*** Block opens ***

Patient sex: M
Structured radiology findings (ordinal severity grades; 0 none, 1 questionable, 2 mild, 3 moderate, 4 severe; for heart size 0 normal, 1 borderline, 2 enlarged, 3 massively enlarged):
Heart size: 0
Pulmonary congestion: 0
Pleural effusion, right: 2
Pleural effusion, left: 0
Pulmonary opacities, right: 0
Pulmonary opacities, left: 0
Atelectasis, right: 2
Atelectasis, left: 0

*** Block closes ***

All of the records should be transcribed exactly, with nothing left out.

Reply:
Patient sex: M
Structured radiology findings (ordinal severity grades; 0 none, 1 questionable, 2 mild, 3 moderate, 4 severe; for heart size 0 normal, 1 borderline, 2 enlarged, 3 massively enlarged):
Heart size: 0
Pulmonary congestion: 0
Pleural effusion, right: 2
Pleural effusion, left: 0
Pulmonary opacities, right: 0
Pulmonary opacities, left: 0
Atelectasis, right: 2
Atelectasis, left: 0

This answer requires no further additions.